Restate the records below word for word, and omit the images they hold.

-=-=-

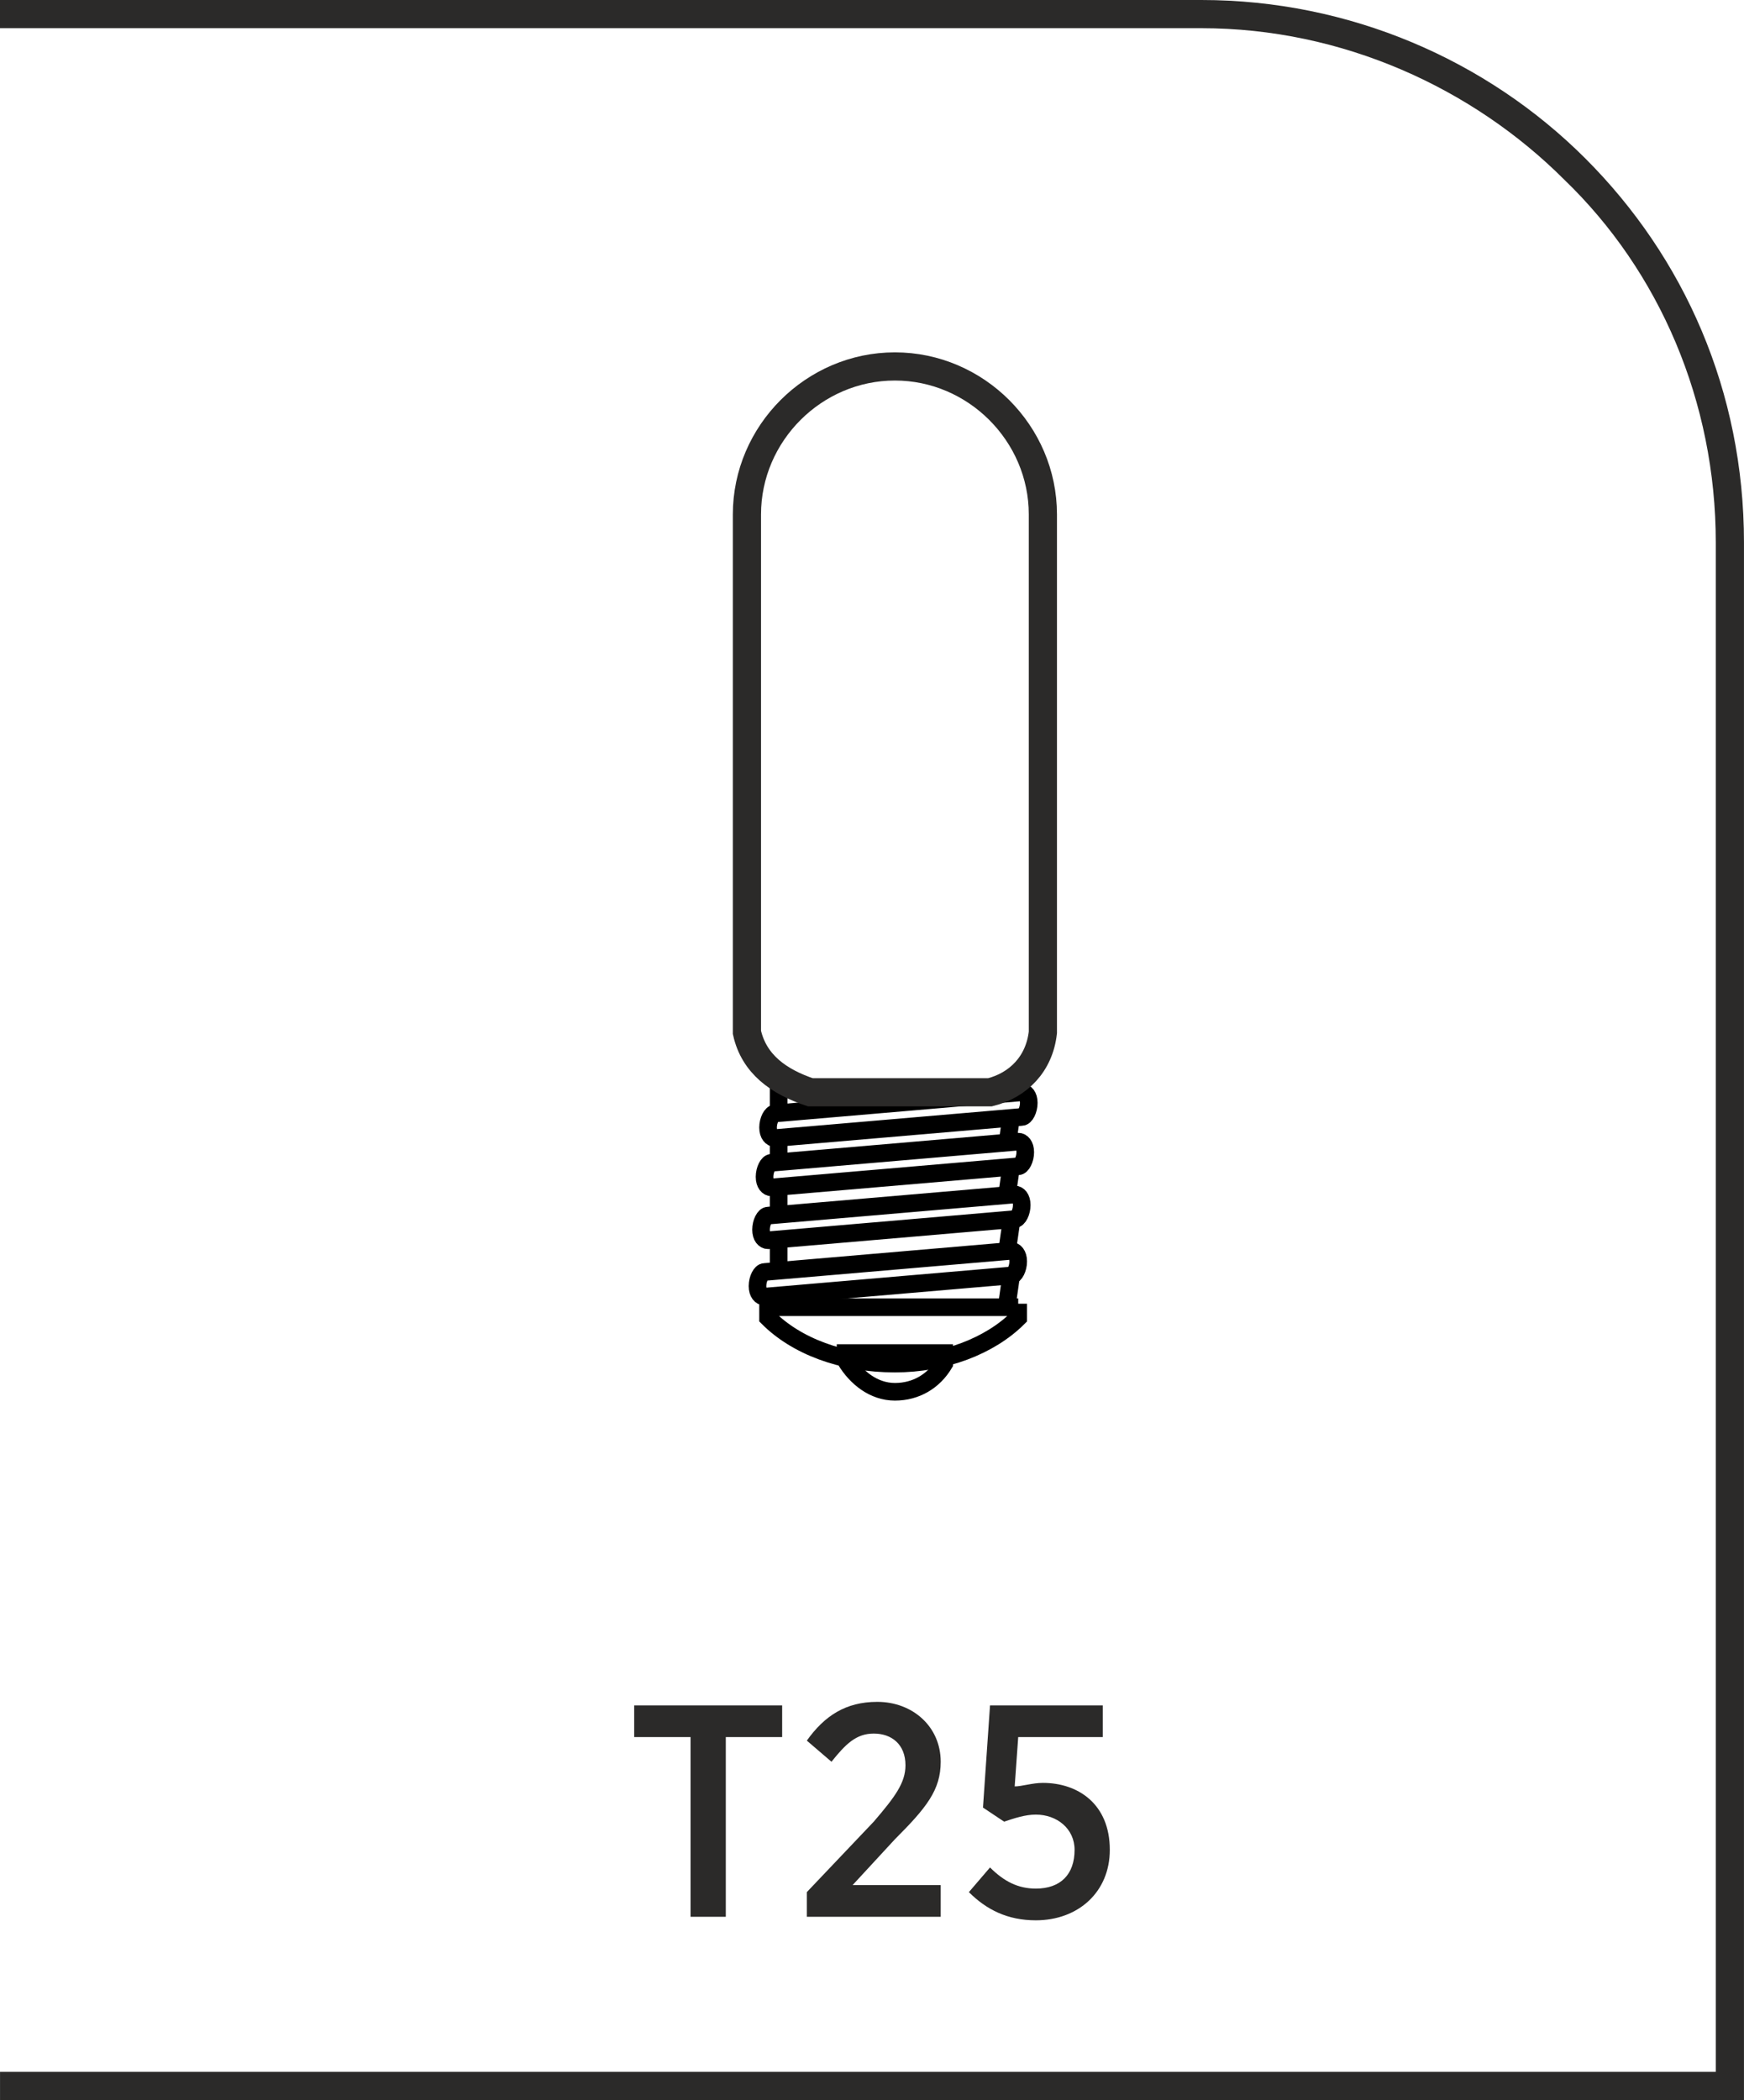 <?xml version="1.0" encoding="UTF-8"?>
<!DOCTYPE svg PUBLIC "-//W3C//DTD SVG 1.1//EN" "http://www.w3.org/Graphics/SVG/1.1/DTD/svg11.dtd">
<!-- Creator: CorelDRAW -->
<svg xmlns="http://www.w3.org/2000/svg" xml:space="preserve" width="9.284mm" height="11.178mm" version="1.1" style="shape-rendering:geometricPrecision; text-rendering:geometricPrecision; image-rendering:optimizeQuality; fill-rule:evenodd; clip-rule:evenodd"
viewBox="0 0 4.95 5.96"
 xmlns:xlink="http://www.w3.org/1999/xlink"
 xmlns:xodm="http://www.corel.com/coreldraw/odm/2003">
 <defs>
  <style type="text/css">
   <![CDATA[
    .str1 {stroke:#2B2A29;stroke-width:0.08;stroke-miterlimit:22.926}
    .str0 {stroke:black;stroke-width:0.05;stroke-miterlimit:22.926}
    .fil2 {fill:none}
    .fil1 {fill:#2B2A29;fill-rule:nonzero}
    .fil0 {fill:#2B2A29;fill-rule:nonzero}
   ]]>
  </style>
 </defs>
 <g id="Layer_x0020_1">
  <g id="_2611033735184">
   <path class="fil0" d="M-0 5.88l4.87 0 0 -4.34c0,-0.4 -0.16,-0.77 -0.43,-1.03 -0.26,-0.26 -0.63,-0.43 -1.03,-0.43l-3.42 0 0 -0.08 3.42 0c0.42,0 0.81,0.17 1.09,0.45 0.28,0.28 0.45,0.66 0.45,1.09l0 4.42 -4.95 0 0 -0.08z"/>
   <path class="fil1" d="M1.96 5.44l0.1 0 0 -0.51 0.16 0 0 -0.09 -0.42 0 0 0.09 0.16 0 0 0.51zm0.33 0l0.38 0 0 -0.09 -0.25 0 0.12 -0.13c0.09,-0.09 0.13,-0.14 0.13,-0.22l0 -0c0,-0.1 -0.08,-0.17 -0.18,-0.17 -0.09,0 -0.15,0.04 -0.2,0.11l0.07 0.06c0.04,-0.05 0.07,-0.08 0.12,-0.08 0.05,0 0.09,0.03 0.09,0.09 0,0.05 -0.03,0.09 -0.09,0.16l-0.19 0.2 0 0.08zm0.65 0.01c0.12,0 0.21,-0.08 0.21,-0.2l0 -0c0,-0.13 -0.09,-0.19 -0.19,-0.19 -0.03,0 -0.06,0.01 -0.08,0.01l0.01 -0.14 0.24 0 0 -0.09 -0.32 0 -0.02 0.29 0.06 0.04c0.03,-0.01 0.06,-0.02 0.09,-0.02 0.06,0 0.11,0.04 0.11,0.1l0 0c0,0.07 -0.04,0.11 -0.11,0.11 -0.05,0 -0.09,-0.02 -0.13,-0.06l-0.06 0.07c0.05,0.05 0.11,0.08 0.19,0.08z"/>
   <g>
    <g>
     <path class="fil2 str0" d="M2.89 3.7l0 0.04c-0.08,0.08 -0.21,0.13 -0.35,0.13 -0.15,0 -0.28,-0.05 -0.36,-0.13l0 -0.03 0.71 0z"/>
     <path class="fil2 str0" d="M2.68 3.85l0 0.02c-0.03,0.05 -0.08,0.08 -0.14,0.08 -0.06,0 -0.11,-0.04 -0.14,-0.09l0 -0.02 0.28 0z"/>
     <path class="fil2 str0" d="M2.17 3.61l0.7 -0.06c0.01,0 0.02,0.01 0.02,0.03l0 0c0,0.02 -0.01,0.04 -0.02,0.04l-0.7 0.06c-0.01,0 -0.02,-0.01 -0.02,-0.03l0 0c-0,-0.02 0.01,-0.04 0.02,-0.04z"/>
     <path class="fil2 str0" d="M2.18 3.45l0.7 -0.06c0.01,0 0.02,0.01 0.02,0.03l0 0c0,0.02 -0.01,0.04 -0.02,0.04l-0.7 0.06c-0.01,0 -0.02,-0.01 -0.02,-0.03l0 0c0,-0.02 0.01,-0.04 0.02,-0.04z"/>
     <path class="fil2 str0" d="M2.19 3.3l0.7 -0.06c0.01,0 0.02,0.01 0.02,0.03l0 0c0,0.02 -0.01,0.04 -0.02,0.04l-0.7 0.06c-0.01,0 -0.02,-0.01 -0.02,-0.03l0 0c0,-0.02 0.01,-0.04 0.02,-0.04z"/>
     <path class="fil2 str0" d="M2.2 3.16l0.7 -0.06c0.01,-0 0.02,0.01 0.02,0.03l0 0c0,0.02 -0.01,0.04 -0.02,0.04l-0.7 0.06c-0.01,0 -0.02,-0.01 -0.02,-0.03l0 0c-0,-0.02 0.01,-0.04 0.02,-0.04z"/>
     <path class="fil2 str0" d="M2.21 3.03l-0 0.13"/>
     <path class="fil2 str0" d="M2.21 3.23l-0 0.07"/>
     <path class="fil2 str0" d="M2.21 3.38l-0 0.07"/>
     <path class="fil2 str0" d="M2.21 3.53l-0 0.07"/>
     <path class="fil2 str0" d="M2.87 3.62l-0.01 0.07"/>
     <path class="fil2 str0" d="M2.87 3.47l-0.01 0.07"/>
     <path class="fil2 str0" d="M2.87 3.31l-0.01 0.07"/>
     <path class="fil2 str0" d="M2.87 3.17l-0.01 0.07"/>
    </g>
    <path class="fil2 str1" d="M2.54 1.04l0 0c0.23,0 0.42,0.19 0.42,0.42l0 1.47c-0.01,0.09 -0.07,0.15 -0.15,0.17 -0.17,0 -0.34,0 -0.51,0 -0.09,-0.03 -0.16,-0.08 -0.18,-0.17l0 -1.47c0,-0.23 0.19,-0.42 0.42,-0.42z"/>
   </g>
  </g>
 </g>
</svg>

-=-=-

§ Solution:
 <?xml version="1.0" encoding="UTF-8"?>
<!DOCTYPE svg PUBLIC "-//W3C//DTD SVG 1.1//EN" "http://www.w3.org/Graphics/SVG/1.1/DTD/svg11.dtd">
<!-- Creator: CorelDRAW -->
<svg xmlns="http://www.w3.org/2000/svg" xml:space="preserve" width="9.284mm" height="11.178mm" version="1.1" style="shape-rendering:geometricPrecision; text-rendering:geometricPrecision; image-rendering:optimizeQuality; fill-rule:evenodd; clip-rule:evenodd"
viewBox="0 0 4.95 5.96"
 xmlns:xlink="http://www.w3.org/1999/xlink"
 xmlns:xodm="http://www.corel.com/coreldraw/odm/2003">
 <defs>
  <style type="text/css">
   <![CDATA[
    .str1 {stroke:#2B2A29;stroke-width:0.08;stroke-miterlimit:22.926}
    .str0 {stroke:black;stroke-width:0.05;stroke-miterlimit:22.926}
    .fil2 {fill:none}
    .fil1 {fill:#2B2A29;fill-rule:nonzero}
    .fil0 {fill:#2B2A29;fill-rule:nonzero}
   ]]>
  </style>
 </defs>
 <g id="Layer_x0020_1">
  <g id="_2611033735184">
   <path class="fil0" d="M-0 5.88l4.87 0 0 -4.34c0,-0.4 -0.16,-0.77 -0.43,-1.03 -0.26,-0.26 -0.63,-0.43 -1.03,-0.43l-3.42 0 0 -0.08 3.42 0c0.42,0 0.81,0.17 1.09,0.45 0.28,0.28 0.45,0.66 0.45,1.09l0 4.42 -4.95 0 0 -0.08z"/>
   <path class="fil1" d="M1.96 5.44l0.1 0 0 -0.51 0.16 0 0 -0.09 -0.42 0 0 0.09 0.16 0 0 0.51zm0.33 0l0.38 0 0 -0.09 -0.25 0 0.12 -0.13c0.09,-0.09 0.13,-0.14 0.13,-0.22l0 -0c0,-0.1 -0.08,-0.17 -0.18,-0.17 -0.09,0 -0.15,0.04 -0.2,0.11l0.07 0.06c0.04,-0.05 0.07,-0.08 0.12,-0.08 0.05,0 0.09,0.03 0.09,0.09 0,0.05 -0.03,0.09 -0.09,0.16l-0.19 0.2 0 0.08zm0.65 0.01c0.12,0 0.21,-0.08 0.21,-0.2l0 -0c0,-0.13 -0.09,-0.19 -0.19,-0.19 -0.03,0 -0.06,0.01 -0.08,0.01l0.01 -0.14 0.24 0 0 -0.09 -0.32 0 -0.02 0.29 0.06 0.04c0.03,-0.01 0.06,-0.02 0.09,-0.02 0.06,0 0.11,0.04 0.11,0.1l0 0c0,0.07 -0.04,0.11 -0.11,0.11 -0.05,0 -0.09,-0.02 -0.13,-0.06l-0.06 0.07c0.05,0.05 0.11,0.08 0.19,0.08z"/>
   <g>
    <g>
     <path class="fil2 str0" d="M2.89 3.7l0 0.04c-0.08,0.08 -0.21,0.13 -0.35,0.13 -0.15,0 -0.28,-0.05 -0.36,-0.13l0 -0.03 0.71 0z"/>
     <path class="fil2 str0" d="M2.68 3.85l0 0.02c-0.03,0.05 -0.08,0.08 -0.14,0.08 -0.06,0 -0.11,-0.04 -0.14,-0.09l0 -0.02 0.28 0z"/>
     <path class="fil2 str0" d="M2.17 3.61l0.7 -0.06c0.01,0 0.02,0.01 0.02,0.03l0 0c0,0.02 -0.01,0.04 -0.02,0.04l-0.7 0.06c-0.01,0 -0.02,-0.01 -0.02,-0.03l0 0c-0,-0.02 0.01,-0.04 0.02,-0.04z"/>
     <path class="fil2 str0" d="M2.18 3.45l0.7 -0.06c0.01,0 0.02,0.01 0.02,0.03l0 0c0,0.02 -0.01,0.04 -0.02,0.04l-0.7 0.06c-0.01,0 -0.02,-0.01 -0.02,-0.03l0 0c0,-0.02 0.01,-0.04 0.02,-0.04z"/>
     <path class="fil2 str0" d="M2.19 3.3l0.7 -0.06c0.01,0 0.02,0.01 0.02,0.03l0 0c0,0.02 -0.01,0.04 -0.02,0.04l-0.7 0.06c-0.01,0 -0.02,-0.01 -0.02,-0.03l0 0c0,-0.02 0.01,-0.04 0.02,-0.04z"/>
     <path class="fil2 str0" d="M2.2 3.16l0.7 -0.06c0.01,-0 0.02,0.01 0.02,0.03l0 0c0,0.02 -0.01,0.04 -0.02,0.04l-0.7 0.06c-0.01,0 -0.02,-0.01 -0.02,-0.03l0 0c-0,-0.02 0.01,-0.04 0.02,-0.04z"/>
     <path class="fil2 str0" d="M2.21 3.03l-0 0.13"/>
     <path class="fil2 str0" d="M2.21 3.23l-0 0.07"/>
     <path class="fil2 str0" d="M2.21 3.38l-0 0.07"/>
     <path class="fil2 str0" d="M2.21 3.53l-0 0.07"/>
     <path class="fil2 str0" d="M2.87 3.62l-0.01 0.07"/>
     <path class="fil2 str0" d="M2.87 3.47l-0.01 0.07"/>
     <path class="fil2 str0" d="M2.87 3.31l-0.01 0.07"/>
     <path class="fil2 str0" d="M2.87 3.17l-0.01 0.07"/>
    </g>
    <path class="fil2 str1" d="M2.54 1.04l0 0c0.23,0 0.42,0.19 0.42,0.42l0 1.47c-0.01,0.09 -0.07,0.15 -0.15,0.17 -0.17,0 -0.34,0 -0.51,0 -0.09,-0.03 -0.16,-0.08 -0.18,-0.17l0 -1.47c0,-0.23 0.19,-0.42 0.42,-0.42z"/>
   </g>
  </g>
 </g>
</svg>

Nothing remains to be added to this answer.